**EXERCISE AIM**
Your task is to repeat the entries word for word while leaving out the pictures.

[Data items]
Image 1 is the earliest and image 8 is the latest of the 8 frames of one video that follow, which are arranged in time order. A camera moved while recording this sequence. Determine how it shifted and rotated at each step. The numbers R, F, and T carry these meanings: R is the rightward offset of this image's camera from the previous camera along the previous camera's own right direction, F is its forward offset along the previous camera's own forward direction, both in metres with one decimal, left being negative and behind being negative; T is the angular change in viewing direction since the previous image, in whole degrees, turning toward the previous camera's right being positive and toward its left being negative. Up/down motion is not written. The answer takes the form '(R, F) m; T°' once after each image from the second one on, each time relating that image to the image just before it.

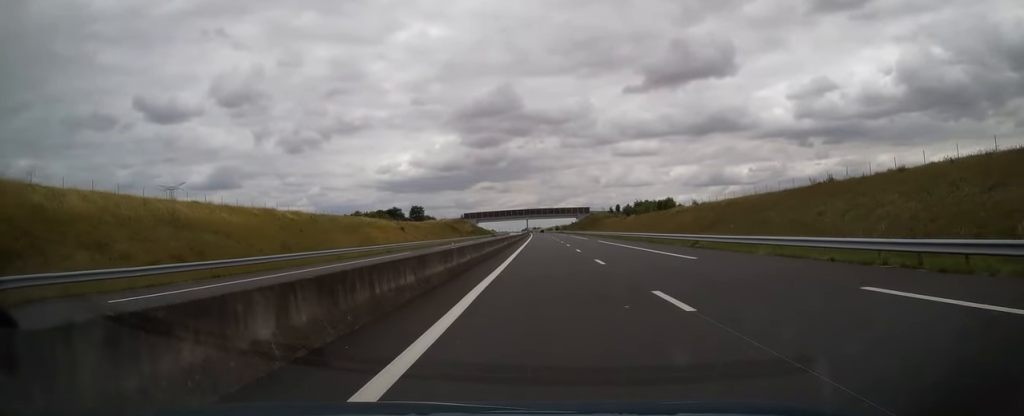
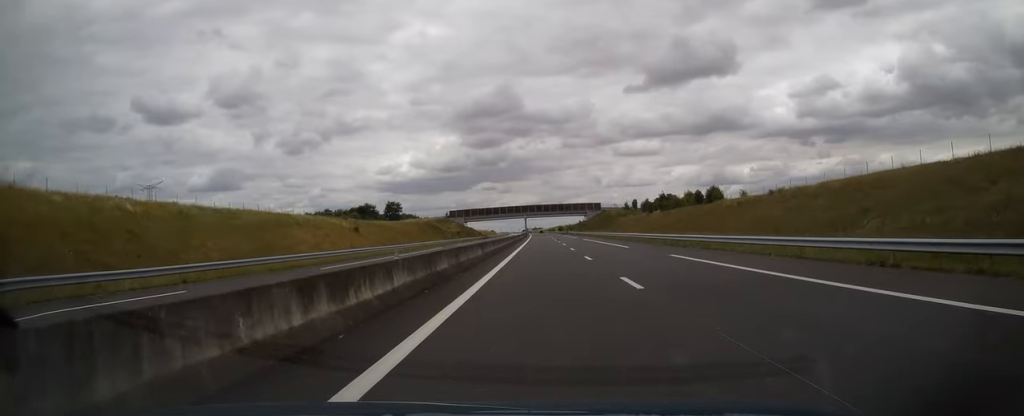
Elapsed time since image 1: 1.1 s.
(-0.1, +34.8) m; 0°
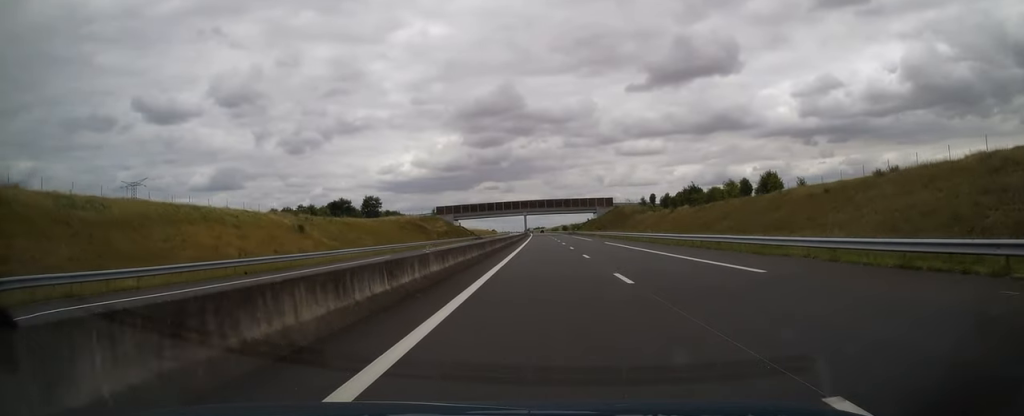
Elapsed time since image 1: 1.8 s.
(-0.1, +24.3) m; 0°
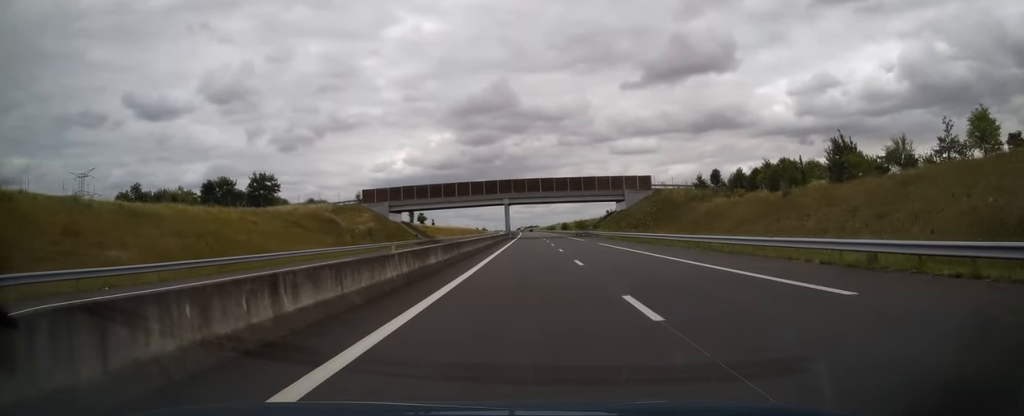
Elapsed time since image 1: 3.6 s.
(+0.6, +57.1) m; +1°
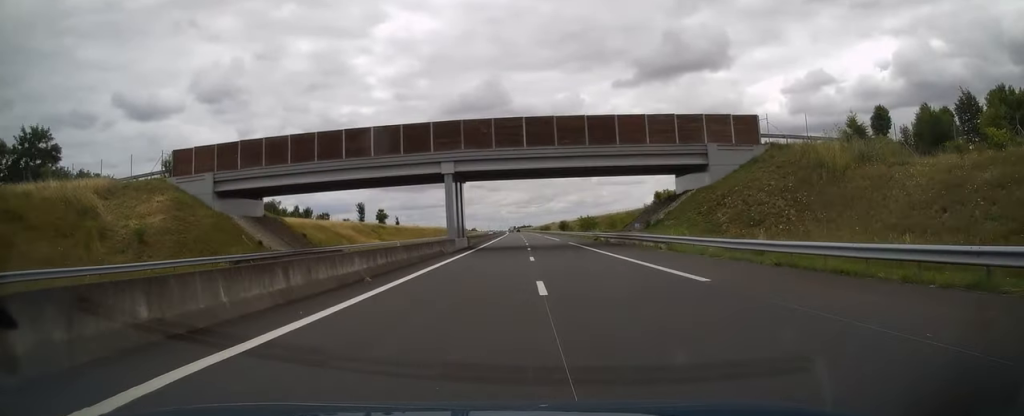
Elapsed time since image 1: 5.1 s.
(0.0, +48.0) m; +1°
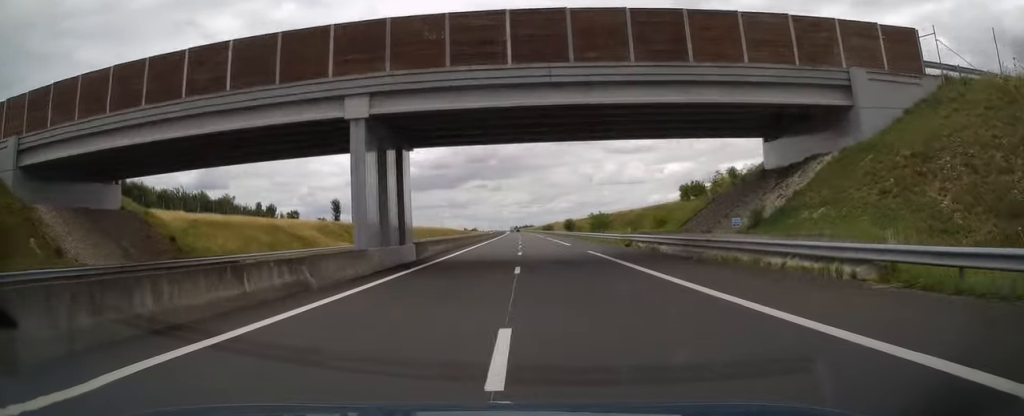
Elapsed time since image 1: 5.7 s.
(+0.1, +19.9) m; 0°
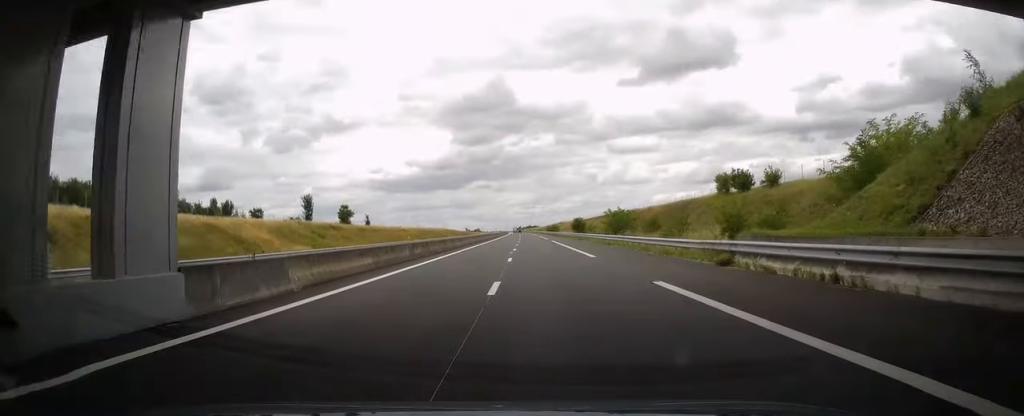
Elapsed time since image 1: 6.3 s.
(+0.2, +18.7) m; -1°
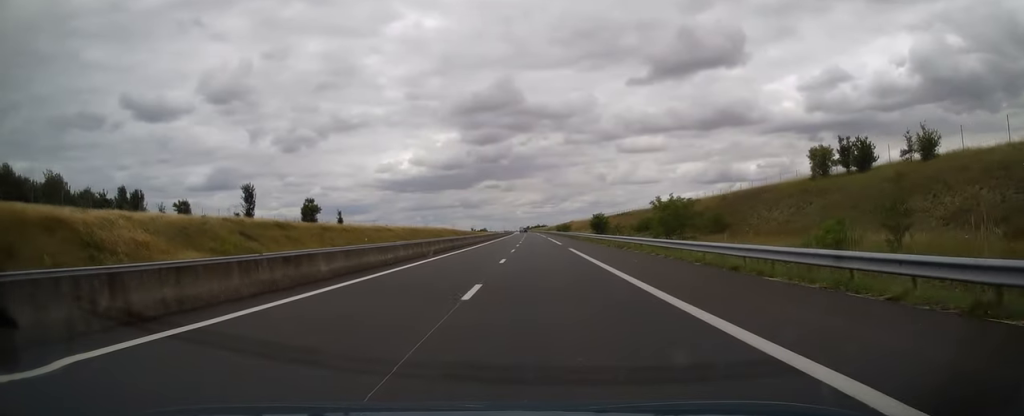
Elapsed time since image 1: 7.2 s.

**TASK OUTPUT**
Image 1 is the earliest and image 8 is the latest of the 8 frames of one video that follow, which are arranged in time order. A camera moved while recording this sequence. Determine how it shifted and rotated at each step. The numbers R, F, and T carry these meanings: R is the rightward offset of this image's camera from the previous camera along the previous camera's own right direction, F is its forward offset along the previous camera's own forward direction, both in metres with one decimal, left being negative and behind being negative; T is the angular change in viewing direction since the previous image, in whole degrees, turning toward the previous camera's right being positive and toward its left being negative. Up/down motion is not written. The answer takes the form '(R, F) m; T°' once after each image from the second one on, each time relating that image to the image just before it.

Elapsed time since image 1: 1.1 s.
(-0.1, +34.8) m; 0°
Elapsed time since image 1: 1.8 s.
(-0.1, +24.3) m; 0°
Elapsed time since image 1: 3.6 s.
(+0.6, +57.1) m; +1°
Elapsed time since image 1: 5.1 s.
(0.0, +48.0) m; +1°
Elapsed time since image 1: 5.7 s.
(+0.1, +19.9) m; 0°
Elapsed time since image 1: 6.3 s.
(+0.2, +18.7) m; -1°
Elapsed time since image 1: 7.2 s.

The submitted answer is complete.